01 febrero, 2010

Córdoba, por Castilla del Pino





En el expreso de Algeciras,
llegué por primera vez a la estación de Córdoba.
No tuve que apresurarme a recoger mis cosas.
Entraba sin saberlo en el reino de la no-prisa.
Allí donde, ante todo, según decían, los hombres no somos escopetas.


Y me interné en la ciudad.
Estaba tan inusitadamente deshabitada que me sobrecogió.
Y además, el silencio.
Córdoba impenetrable.


Como decían unos versos:


"El silencio es un muro,
denso muro que ahoga cualquier grito
o agonía de una vez.
No contesta,
o pone solo su macizo perfil invisible,
más fuerte que el hierro,
y más que él, impenetrable."


Ricardo Molina la describía así:


"Calle de los moriscos, ebria de copas,
de crepúsculos. Calles para parecer solo,
casi monacalmente atento y distraído.
Distante de los hombres, absorto en cualquier cosa,
de sí mismo olvidado, fuera ya de uno mismo."


Me detuve ante sus casas, cerradas, también impenetrables.
Tomé conciencia de que era una ciudad ensimismada,
de espaldas al presente, donde podría crear un hábitat
más para el pensamiento que para la acción.
Una ciudad ensimismada y también ensimismante.

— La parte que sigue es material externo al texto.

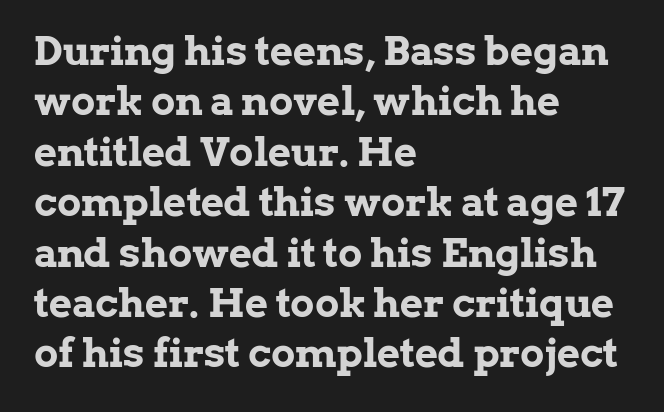
The image shows 40 px bold serif type, upright; set left-aligned, normal line spacing (1.26x), normal letter spacing, not underlined; low stroke contrast and a medium x-height.
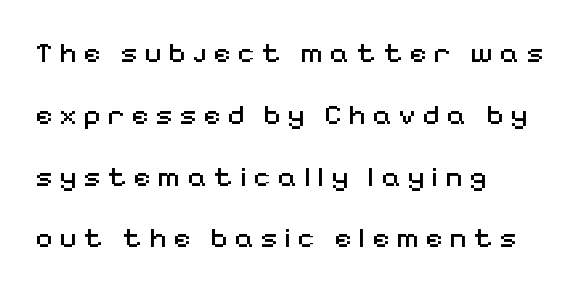
Q: Is the text bold? A: No.
Q: Is the text italic (slanted)? A: No, it is upright.
Q: Is the typeface a serif or a sans-serif typeface? A: Sans-serif.
Q: Is the text underlined? A: No.
Q: How is the paragraph aligned? A: Left-aligned.
Q: Is the spacing between letters normal or unusually wide? A: Unusually wide.
Q: Is the spacing between lines tight, normal or loose? A: Loose.
Q: Width (condensed, normal, or wide)? A: Normal.
Q: Stroke contrast? A: Medium.
Q: x-height? A: Medium.
Q: Monospaced? A: No.
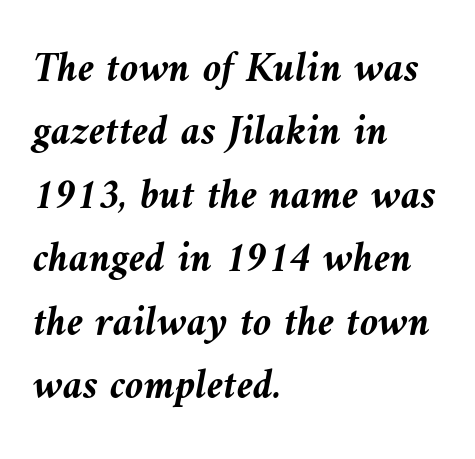
Q: Is the text bold? A: Yes.
Q: Is the text italic (slanted)? A: Yes, it leans left by about 10 degrees.
Q: Is the text underlined? A: No.
Q: How is the paragraph aligned? A: Left-aligned.
Q: Is the spacing between letters normal or unusually wide? A: Normal.
Q: Is the spacing between lines tight, normal or loose? A: Normal.
Q: Width (condensed, normal, or wide)? A: Normal.
Q: Stroke contrast? A: Medium.
Q: x-height? A: Medium.
Q: Monospaced? A: No.
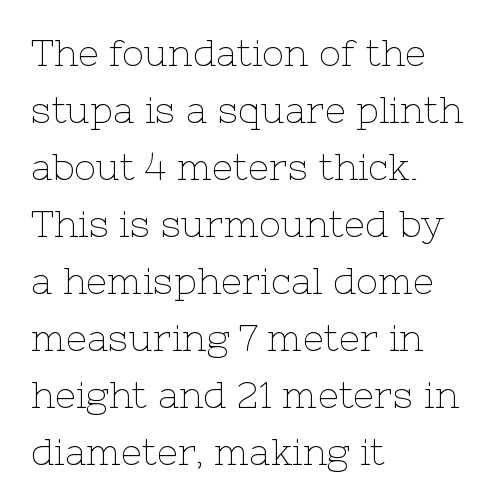
The image shows 37 px thin serif type, upright; set left-aligned, normal line spacing (1.54x), normal letter spacing, not underlined; low stroke contrast and a medium x-height.
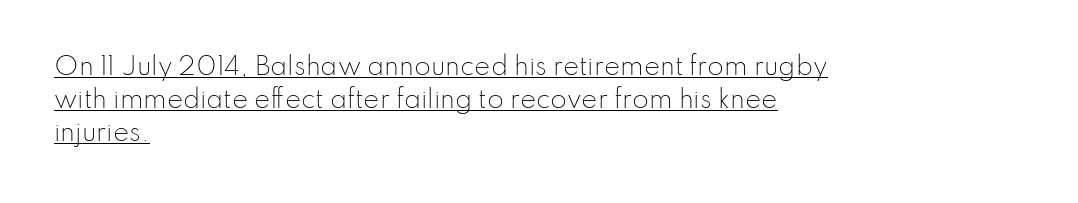
The image shows 24 px text type, upright; set left-aligned, normal line spacing (1.38x), normal letter spacing, underlined.
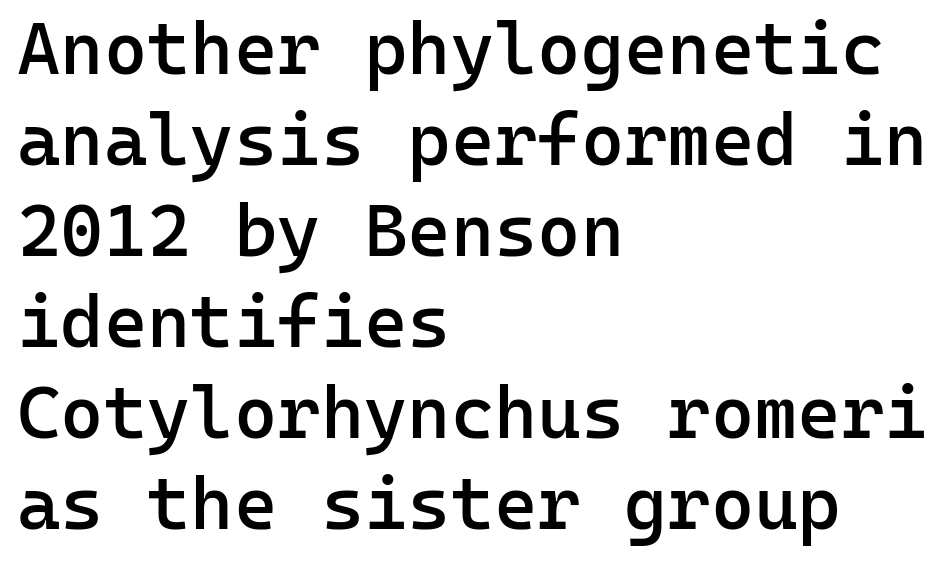
The image shows 74 px semibold sans-serif type, upright, monospaced; set left-aligned, line spacing 1.23x, normal letter spacing, not underlined; low stroke contrast and a medium x-height.

Una Córdoba con miedo a su propia libertad,
celosa de sus referencias de siempre,
la Córdoba inmóvil y orgullosa de su inmovilismo.
Desconfiada del nuevo y del forastero,
de mirada oblicua y sesgada para lo que pudiera,
aunque remotamente, remover sus aguas irrizantemente quietas.
Una Córdoba en la que todo está bien como está.




Una descripción muy acertada de la ciudad y del carácter de sus habitantes.
Vivir en Córdoba deja una huella en la forma de ser de quien la vive, si se la sabe escuchar.